Cette peinture de Bishan Singh représente un atelier de tissage des châles du Cachemire. Le mot « châle », orthographié jusqu’en 1830-1840 « schall », dérive du persan shal et désigne une sorte de tissu en laine.
Les châles (kani) sont tissés avec le sous-poil (pashmina) de la « chèvre du Tibet » vivant sur les pentes montagneuses de l’Himalaya. Le poil récolté était nettoyé par les femmes, puis sélectionné en fonction de sa qualité et envoyé chez le teinturier. Avant d’être confiés aux tisserands, elles doublaient les fils pour leur donner une légère torsion.

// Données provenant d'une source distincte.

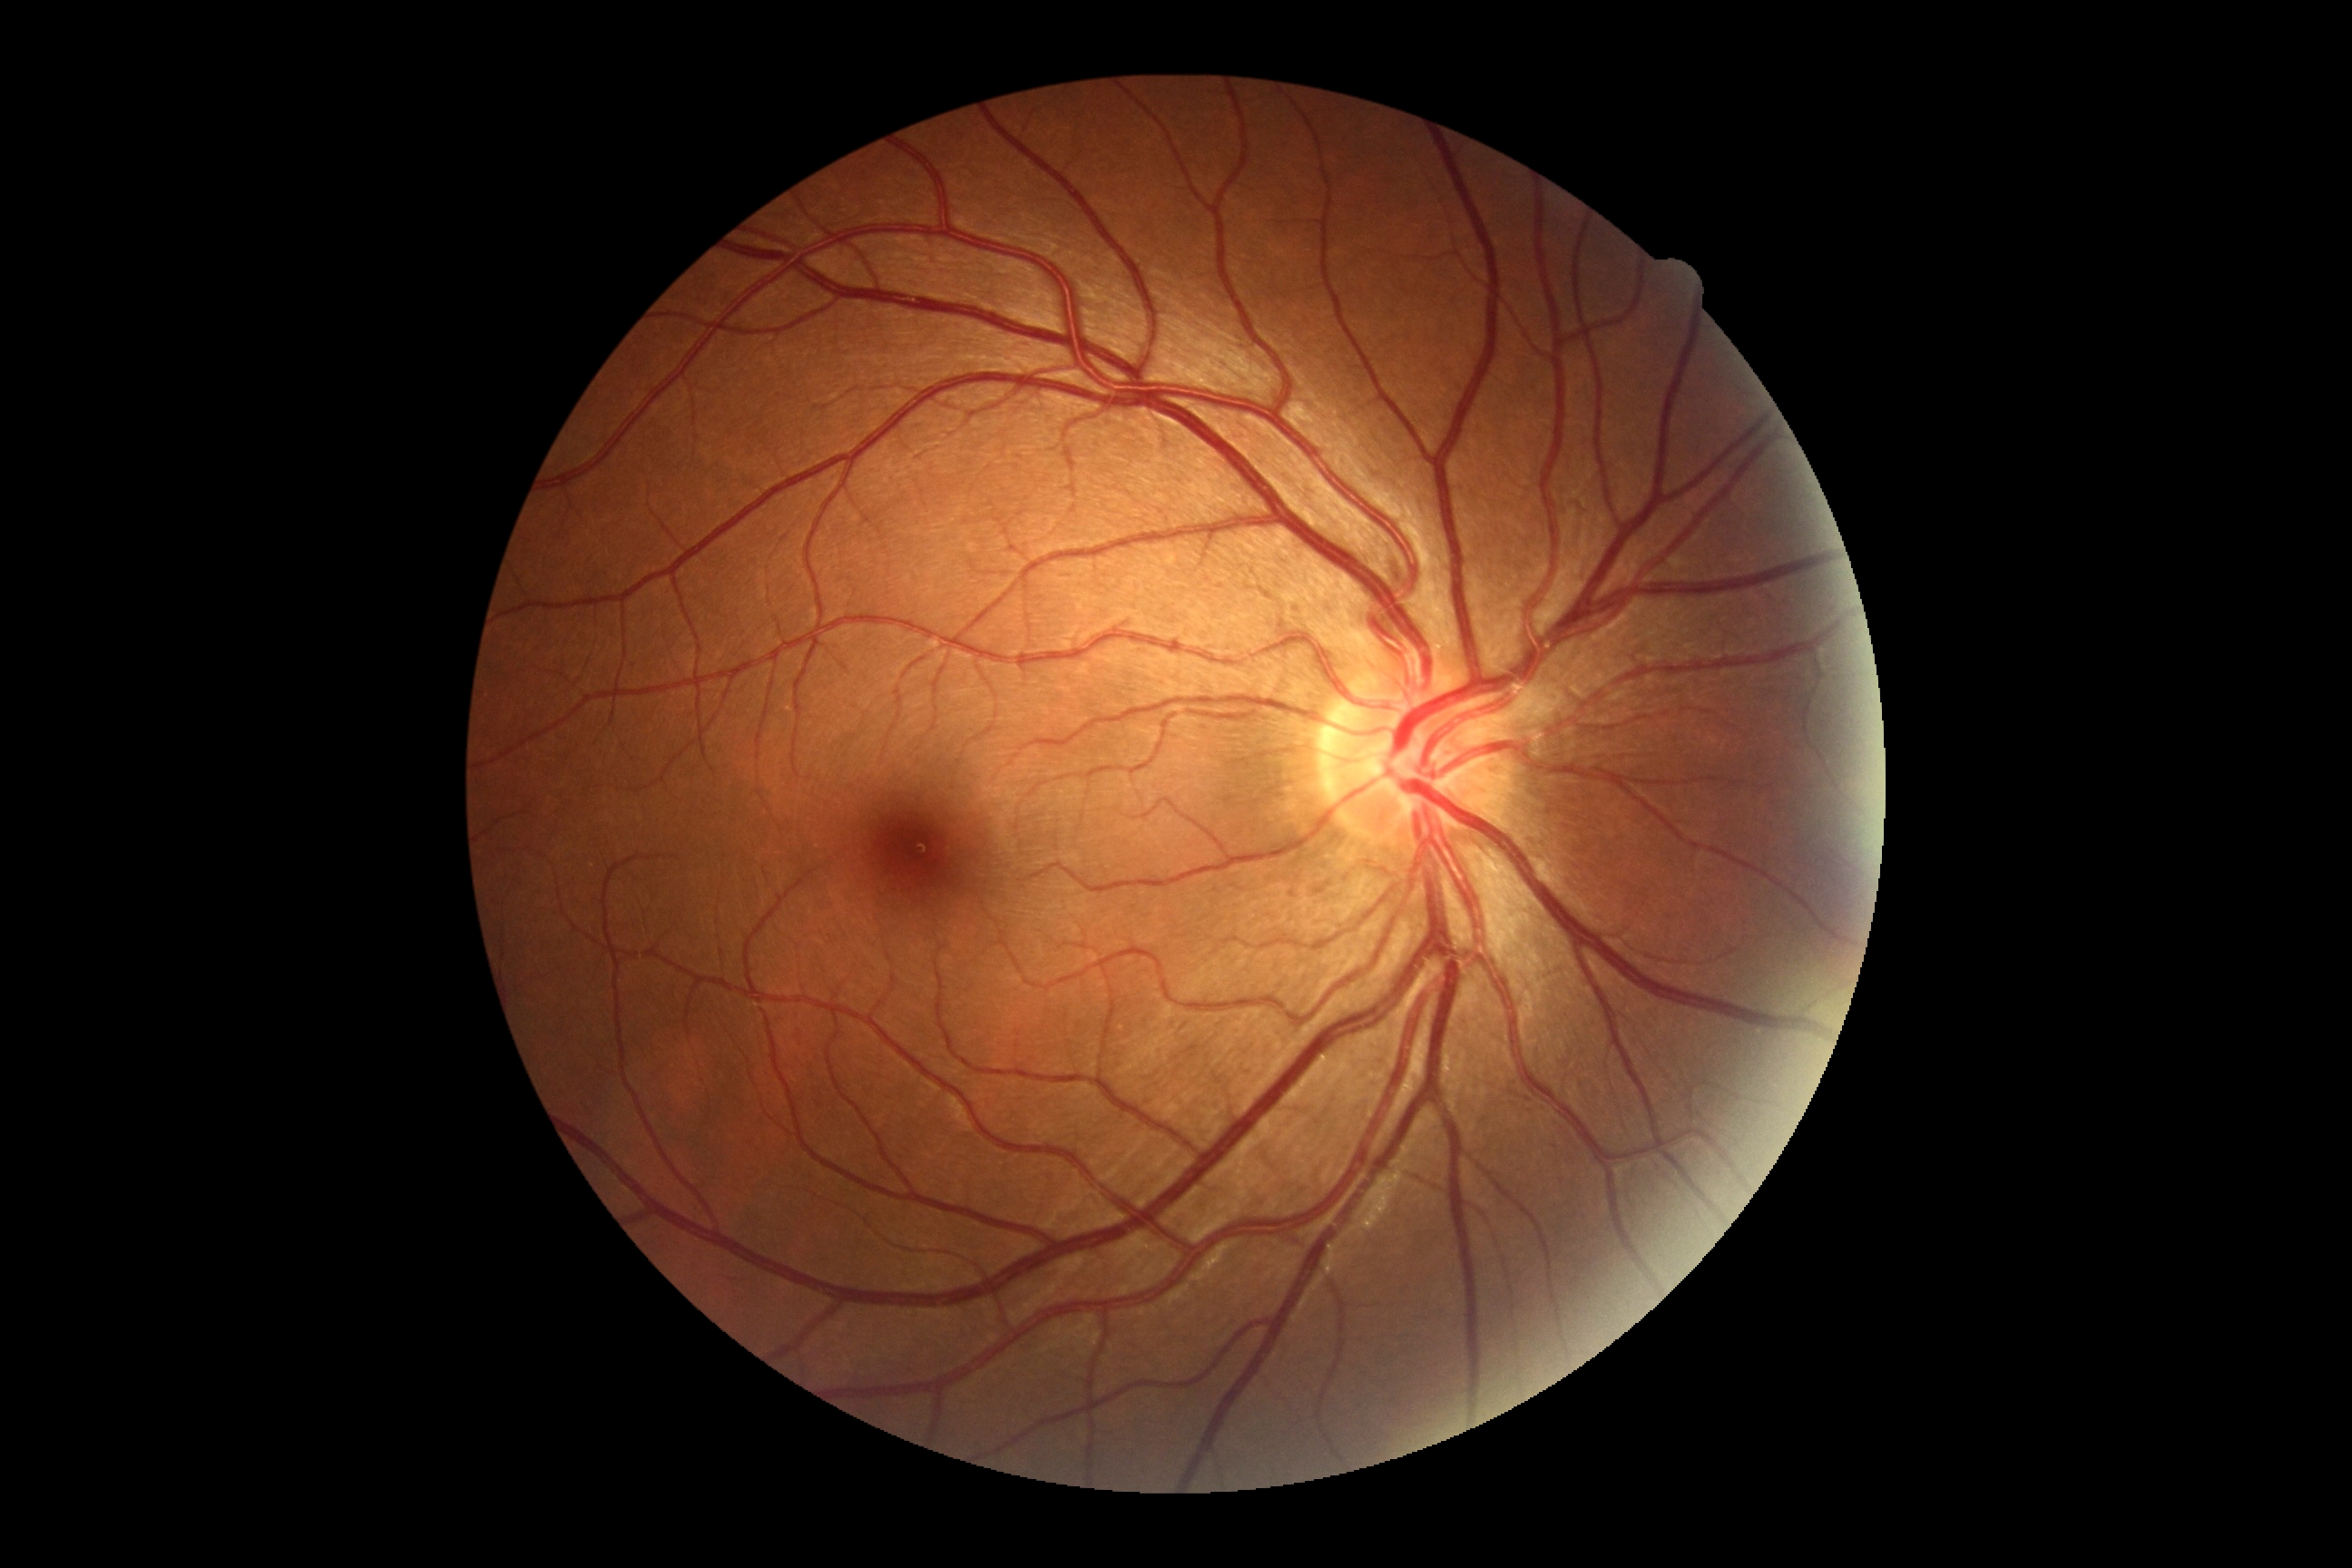

Findings:
- DR grade — 0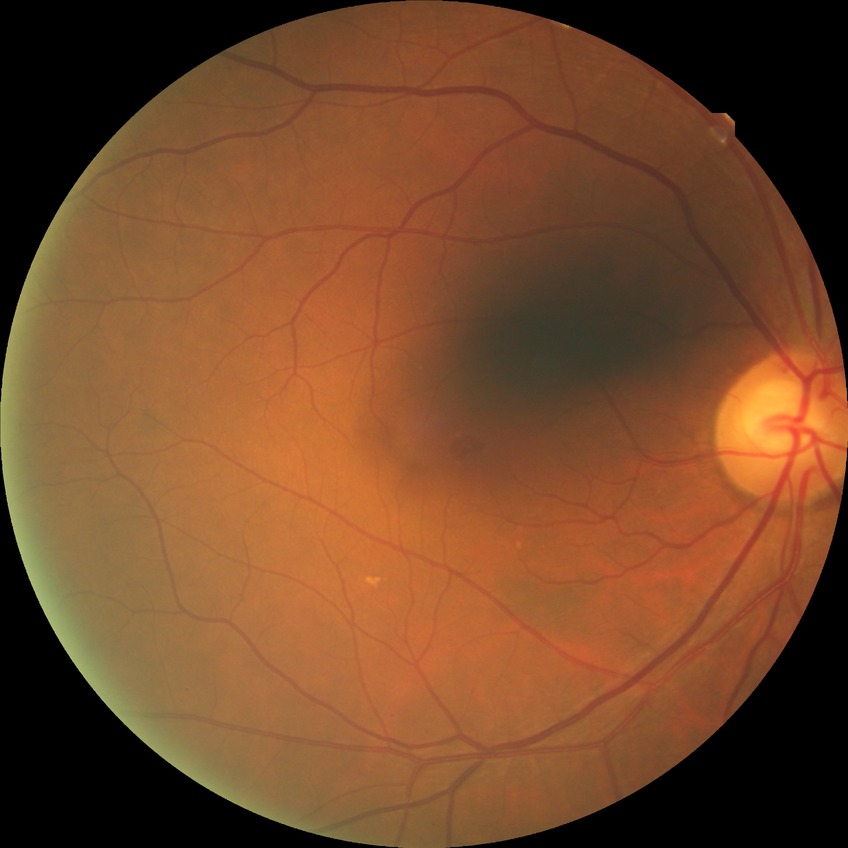 Davis stage is NDR.

Les hommes tissaient ensuite le châle sur un métier horizontal.
Plusieurs personnes concouraient à sa réalisation. Au dessinateur (naqqash) qui composait le modèle, succédait celui (tarahgourou) qui élaborait le dessin de bas en haut, annonçait les couleurs et les dictait au « maître du modèle » (talimgourou). Celui-ci retranscrivait le modèle au tisseur en utilisant un vocabulaire très précis. Ainsi, le tisseur avait une transcription (talim) pour tisser. Plusieurs tisserands, toujours des hommes, travaillaient ensemble pour réaliser les motifs formés par des trames. De très nombreux petits fuseaux, sorte de bobines, sur lesquels étaient enroulée la laine (espolins), un pour chaque couleur, permettaient de former un motif complexe.
Atelier de tisserands de châles, signé Bishan Singh, daté 1874. Cachemire, Inde du Nord, Penjab, Amritsar, gouache sur papier, 35,5 x 48,2 cm, achat, 2015, MA 12702
Si les châles du début de la période moghole se caractérisent par le réalisme de leurs motifs floraux, on constate, à partir du 18e siècle, l’apparition progressive d’une forme ovoïde, appelée boteh, composée de fleurs qui semblent émerger d’une sorte de vase. Ce motif d’influence persane va se styliser encore plus radicalement dans les années suivantes, pour s’allonger et devenir quasiment abstrait sous le règne de Gulâb Singh (1820- 1856), râja de la cour de Lahore. Les couleurs sont de plus en plus chatoyantes et le traitement du décor jouit d’une liberté sans précédent, entraînant une véritable explosion créative, comme en témoigne le châle proposé à des marchands, figuré dans la partie droite de la peinture.